──────── RECORDS PROVIDED ────────

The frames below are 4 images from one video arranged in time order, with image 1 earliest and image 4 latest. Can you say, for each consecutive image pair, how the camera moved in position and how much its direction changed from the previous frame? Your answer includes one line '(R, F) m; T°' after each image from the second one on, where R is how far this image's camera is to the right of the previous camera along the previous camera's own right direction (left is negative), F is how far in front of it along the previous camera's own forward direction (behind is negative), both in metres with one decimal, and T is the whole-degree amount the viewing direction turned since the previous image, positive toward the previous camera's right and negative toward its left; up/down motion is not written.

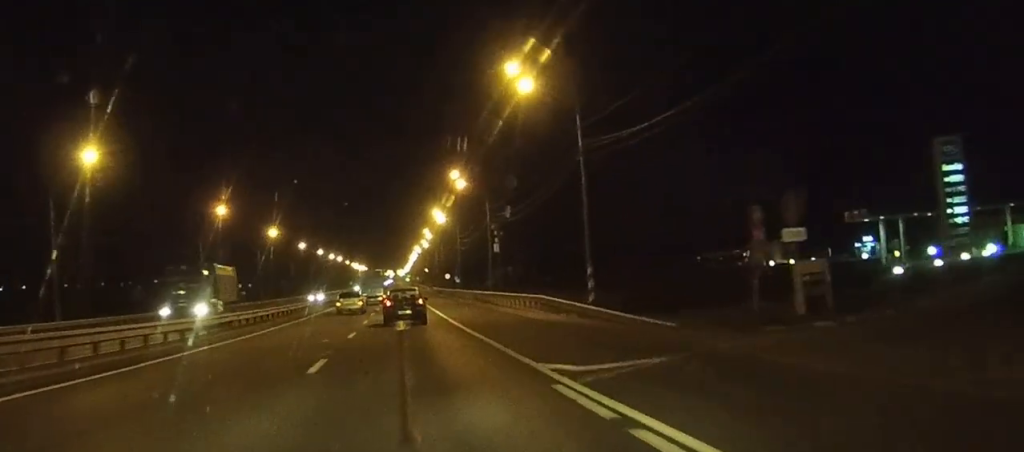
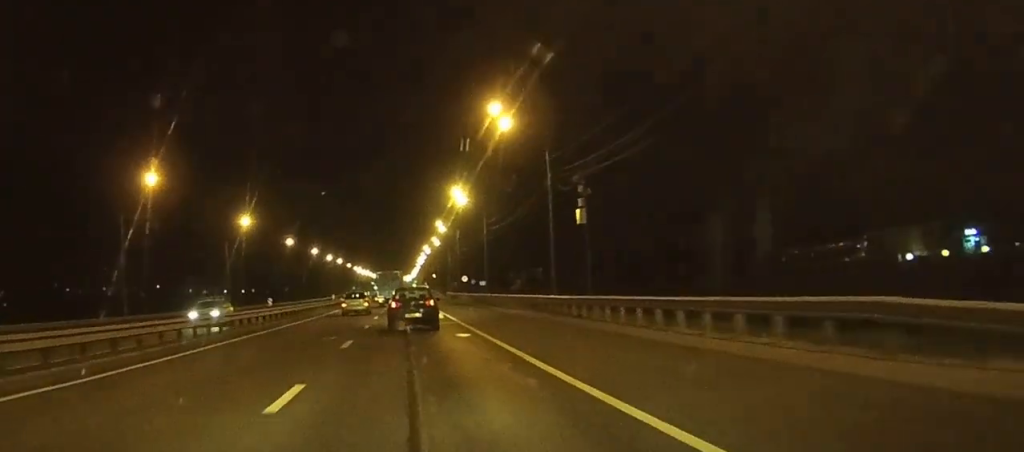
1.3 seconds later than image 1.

────────
──────── RECORDS PROVIDED ────────

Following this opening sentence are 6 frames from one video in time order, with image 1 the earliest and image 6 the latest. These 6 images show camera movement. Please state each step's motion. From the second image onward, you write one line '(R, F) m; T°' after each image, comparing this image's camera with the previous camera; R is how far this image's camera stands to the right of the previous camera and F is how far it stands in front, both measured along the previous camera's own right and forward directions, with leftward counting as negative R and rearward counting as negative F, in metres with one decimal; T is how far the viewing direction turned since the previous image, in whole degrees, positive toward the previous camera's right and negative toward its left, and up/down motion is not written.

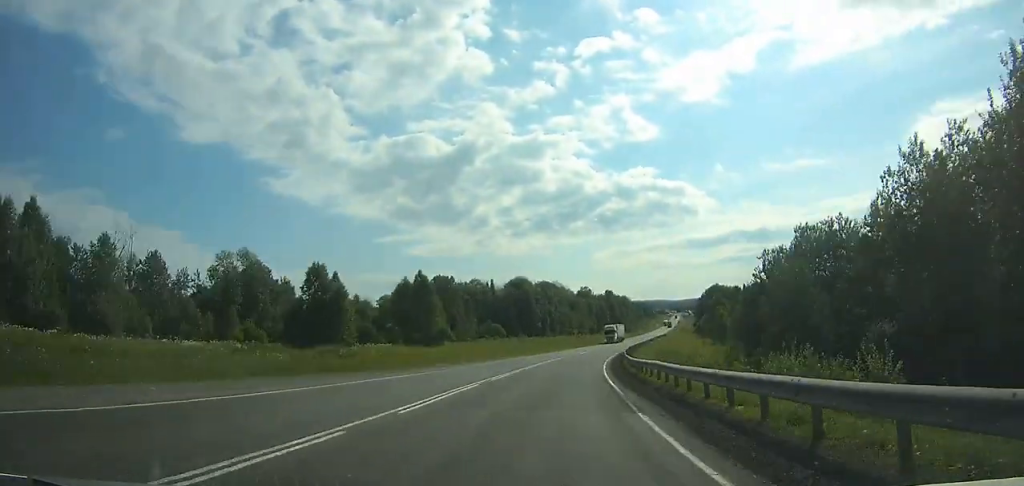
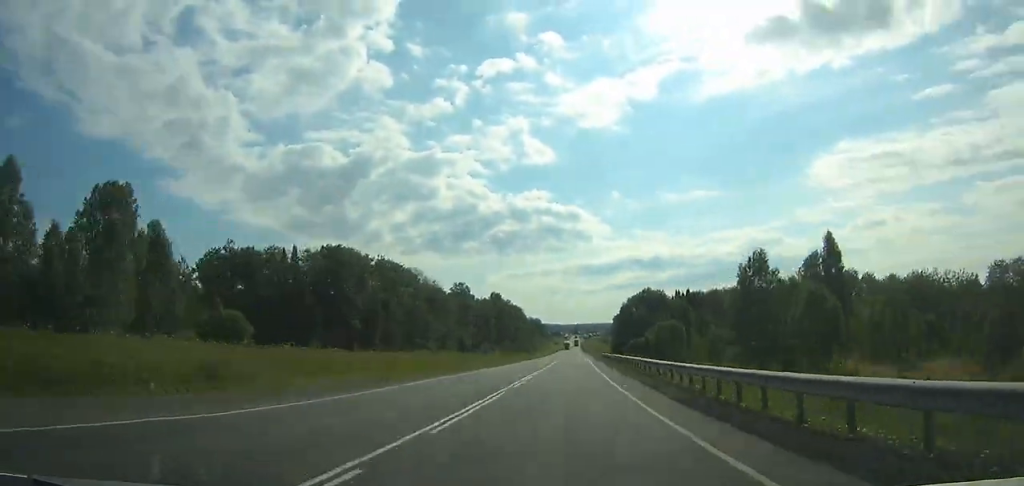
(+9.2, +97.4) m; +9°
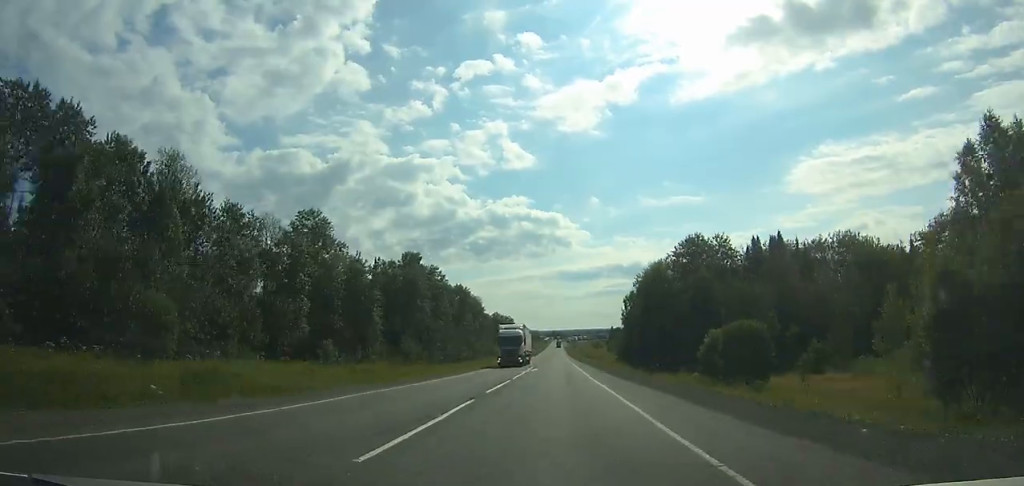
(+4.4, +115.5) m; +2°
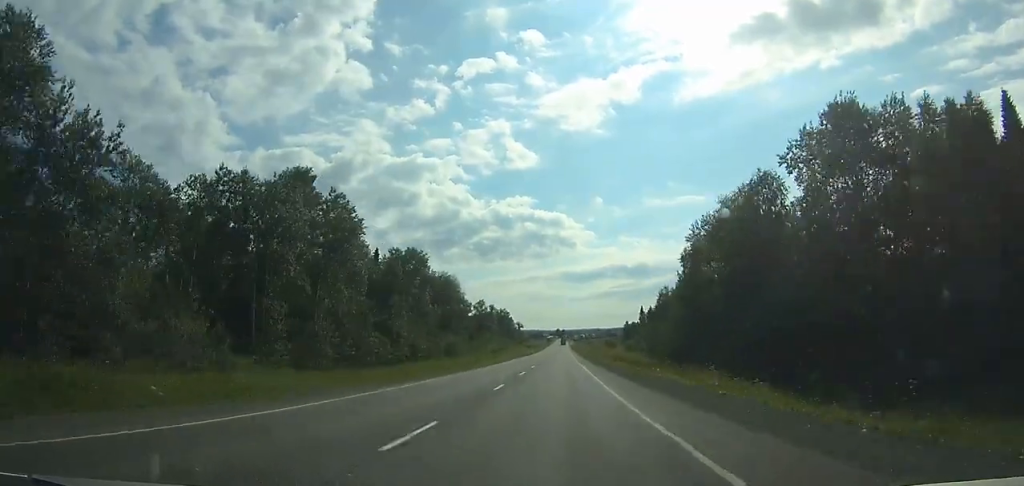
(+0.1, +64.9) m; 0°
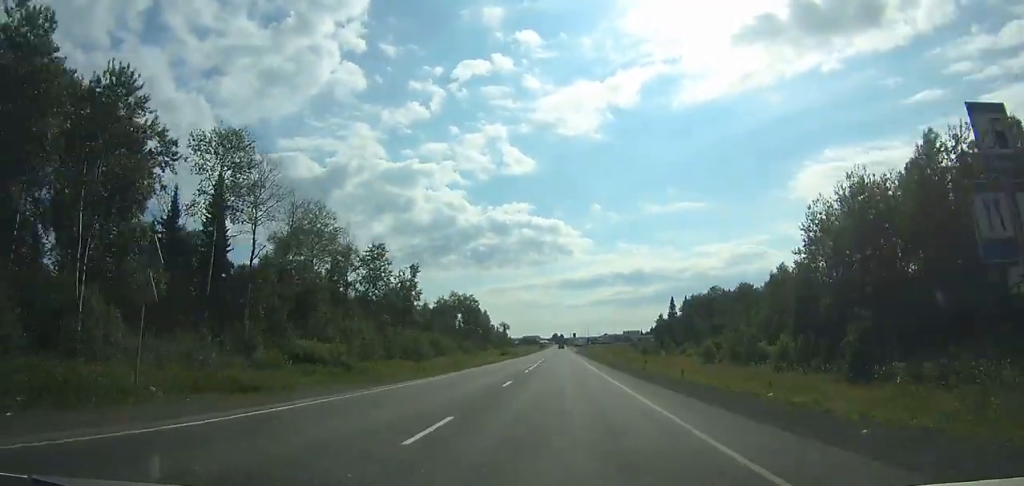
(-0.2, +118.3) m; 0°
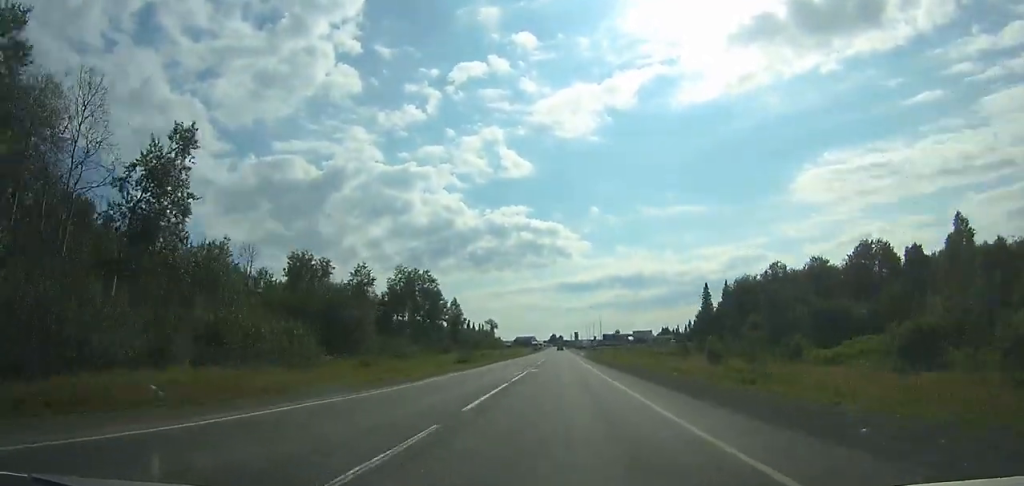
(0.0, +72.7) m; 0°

────────

▶ [TASK STATEMENT]: Above is the material; set down exactly its lines from the one containing "The frames below" down to the one containing "1.3 seconds later than image 1.", both included, leaving out any pictures.

▶ [ANSWER FOR THE TASK]:
The frames below are 4 images from one video arranged in time order, with image 1 earliest and image 4 latest. Can you say, for each consecutive image pair, how the camera moved in position and how much its direction changed from the previous frame? Your answer includes one line '(R, F) m; T°' after each image from the second one on, where R is how far this image's camera is to the right of the previous camera along the previous camera's own right direction (left is negative), F is how far in front of it along the previous camera's own forward direction (behind is negative), both in metres with one decimal, and T is the whole-degree amount the viewing direction turned since the previous image, positive toward the previous camera's right and negative toward its left; up/down motion is not written.

1.3 seconds later than image 1.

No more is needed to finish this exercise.